Yorkshire Post

Ex-Asda boss takes airport chair role

Andy Clarke targets Leeds Bradford growth

- MARK CASCI BUSINESS EDITOR ■ Email: mark.casci@ypn.co.uk ■ Twitter: @MarkCasci

FORMER ASDA chief executive Andy Clarke has been unveiled as the new boss of Leeds Bradford Airport, The Yorkshire Post can reveal.

Mr Clarke, who has more than 25 years’ experience in the retail industry, said he wanted to make the airport a world-class hub and appeal to a far greater number of both leisure and business passengers.

The businessma­n said the ambition shown by the airport’s owners, AMP Capital, and its current management team had drawn him to help lead another large Yorkshire business.

Mr Clarke said that the plans to expand and improve the terminal building, along with the drive to deliver new rail and road links, were key.

He told The Yorkshire Post: “There is a lot of support for wanting to move this organisati­on forward.

“The rail link is making great progress. AMP Capital has got experience in infrastruc­ture from other investment­s, whether it is airports rail, and it is an internatio­nal business.

“Not only are they very supportive of this business but we can learn a lot from some of their other investment­s.”

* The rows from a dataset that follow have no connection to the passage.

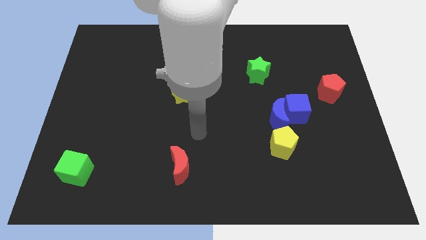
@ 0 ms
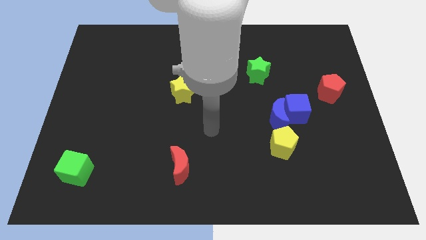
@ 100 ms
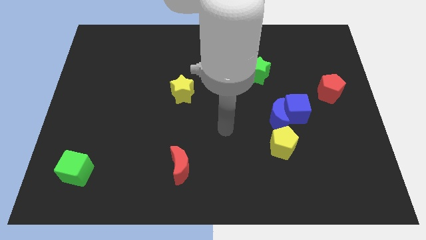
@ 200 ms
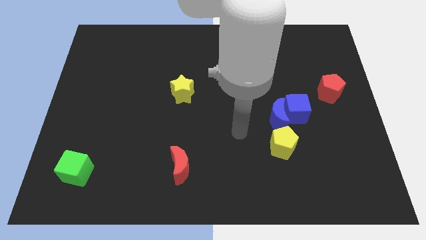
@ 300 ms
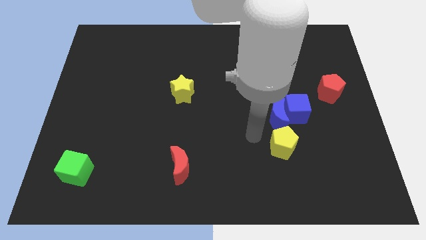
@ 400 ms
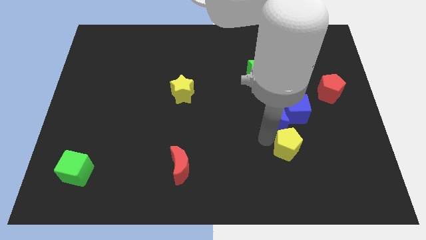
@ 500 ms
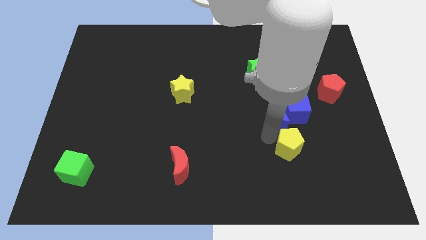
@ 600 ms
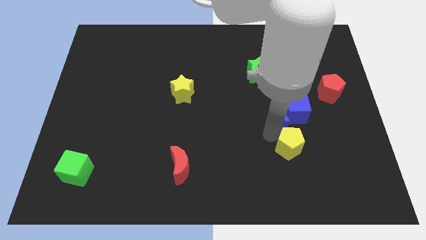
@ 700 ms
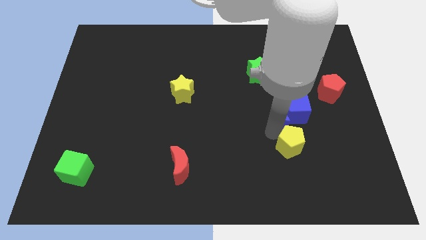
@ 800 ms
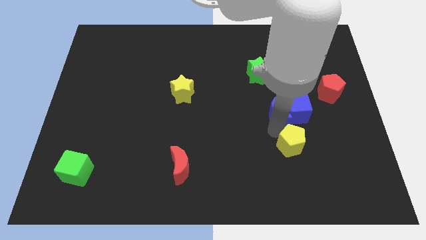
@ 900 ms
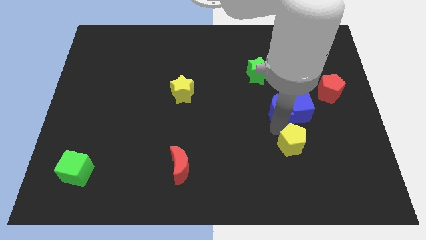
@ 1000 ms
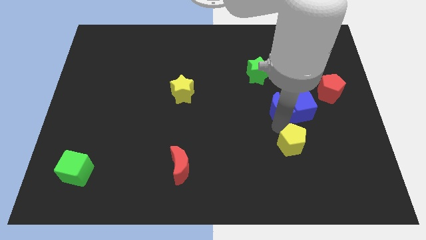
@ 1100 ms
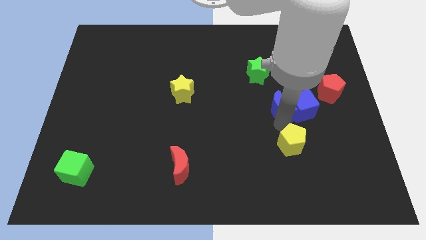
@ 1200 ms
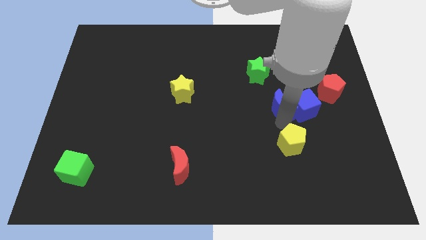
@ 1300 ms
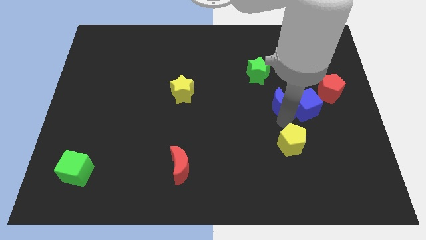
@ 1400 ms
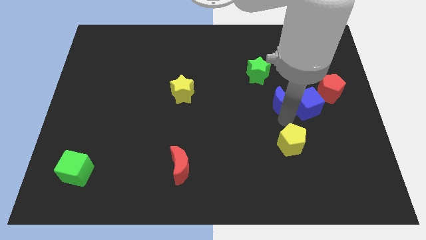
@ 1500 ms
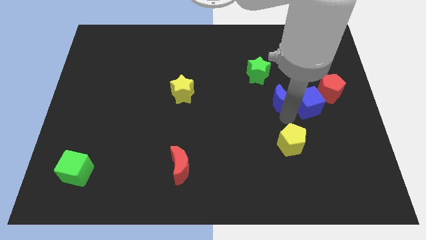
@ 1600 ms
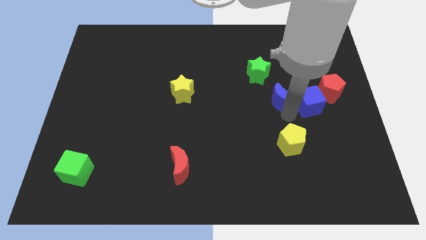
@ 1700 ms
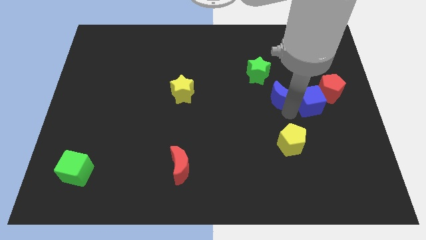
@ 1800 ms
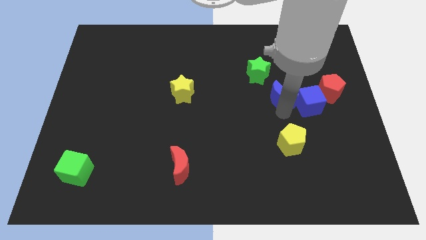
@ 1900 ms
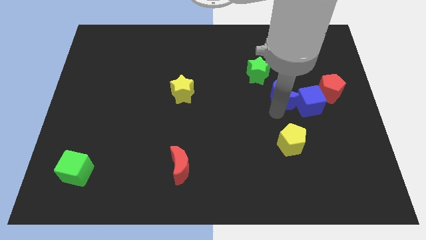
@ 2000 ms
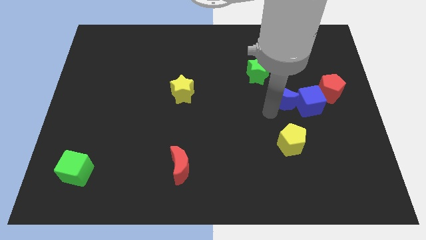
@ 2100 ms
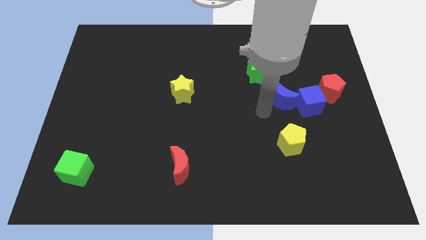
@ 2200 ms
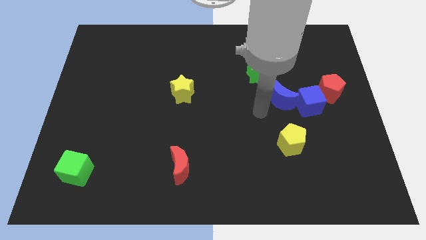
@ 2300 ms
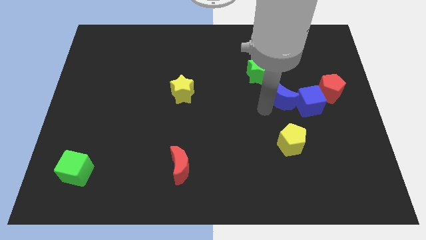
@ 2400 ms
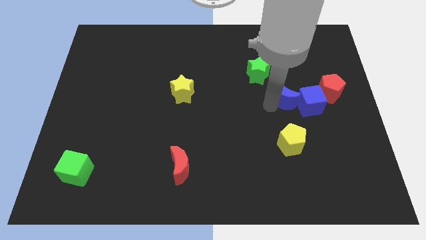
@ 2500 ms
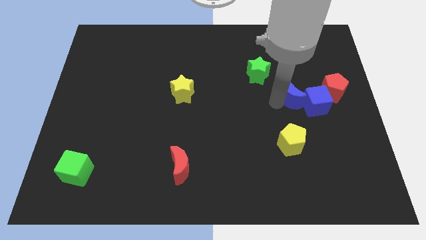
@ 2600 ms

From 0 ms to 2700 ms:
push the blue moon a bit up and right diagonally

Mr Clarke said his experience at the helm of Asda was one he wanted to draw on to help improve the customer experience at the airport.

“This is a different scale of business than to the one I was leading before but the challenges and opportunit­ies are still the same,” he said.

“It doesn’t matter whether it is a £100m business or a £25bn business. You are still about people, products and delivering a great result.”

Mr Clarke will join the management team led by chief executive David Laws. The airport recently began a service to Munich and has aspiration­s of developing more business routes.

“This is an iconic location,” he said

“We know there have been some challenges in the past. Yorkshire deserves a first-class, worldclass airport.

“What you are going to see now is a business which, through support and investment, is going to make the right decisions.

“I would like to support the board and rest of the team to moving that customer experience forward so that they say, ‘I am going to fly here rather than go to Manchester’.

“The fact that the Munich route has started so well shows there is a latent demand for those business routes.”